It’s impossible to predict how Trump will respond to any of this. He campaigned as a “realist” foreign-policy thinker, contemptuous of previous Mideast wars. But now his bellicosity toward Iran increases prospects of U.S. involvement in yet another Mideast war. He said he wanted to end the Afghan involvement but succumbed to military and intelligence officials who urged a troop increase. He said he wanted better U.S. relations with Russia but has taken steps to increase tensions between the two countries (even allowing for the inhibiting factor of the so-called Russiagate investigation), such as sending offensive weapons to Ukraine and bolstering anti-Russian sanctions.
But Trump’s decision to withdraw some two thousand U.S. troops from Syria and hints of a major Afghan troop withdrawal may signal a new mode of thinking on the part of the president. These actions seem to have been taken by the president largely alone, in the face of considerable opposition from aides. In the case of the Syrian withdrawal, a number of considerations appear to have been decisive—that our relations with Turkey are more important than our alliance with Kurdish combatants in eastern Syria, whom Turkey views as terrorists; that the American people lack the stomach for curbing Iranian adventurism in the region, given prospects for military escalation; that Turkey can do the job just fine as a kind of balancing force; that U.S. troops aren’t needed to end the last vestiges of the ISIS Islamist threat because Russia and Syria can do the job.
It was a signal moment for a president whose instincts seem to be in the realist camp but whose presidential leadership thus far has largely belied those apparent instincts.

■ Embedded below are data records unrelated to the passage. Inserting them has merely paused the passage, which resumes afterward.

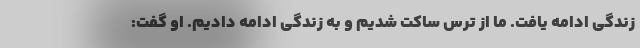
زندگی ادامه یافت. ما از ترس ساکت شدیم و به زندگی ادامه دادیم. او گفت: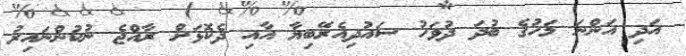
އަދި އަންނަ މަހުގެ ބުދަ ދުވަހު ސައުދިއެރޭބިޔާ އާއި ދެކޮޅަށް ރާއްޖެ ނުކުންނައިރު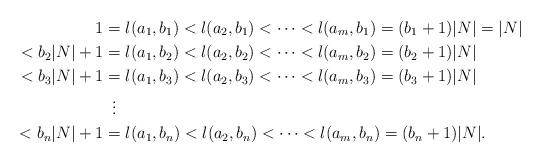
LaTeX: \begin{align*} 1&=l(a_1,b_1)<l(a_2,b_1)<\cdots<l(a_m,b_1)=(b_1+1)|N|=|N|\\<b_2|N|+1&=l(a_1,b_2)<l(a_2,b_2)<\cdots<l(a_m,b_2)=(b_2+1)|N|\\<b_3|N|+1&=l(a_1,b_3)<l(a_2,b_3)<\cdots<l(a_m,b_3)=(b_3+1)|N|\\& \,\ \vdots\\<b_n|N|+1&=l(a_1,b_n)<l(a_2,b_n)<\cdots<l(a_m,b_n)=(b_n+1)|N|.\end{align*}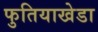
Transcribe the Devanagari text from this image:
फुतियाखेडा

The year 2019 will be filled with history in the making. Questions abound. Will Trump be crushed by the fervent opposition, helped along by his own limitations of temperament? Can he find a way to survive the onslaught and perhaps even enhance his political standing in the face of fearsome opposition? Will events overseas upend the global status quo and usher in a new era of instability? Will America weather the coming storms with relative calm, or will those storms rock the country, splitting it even more severely than it is now?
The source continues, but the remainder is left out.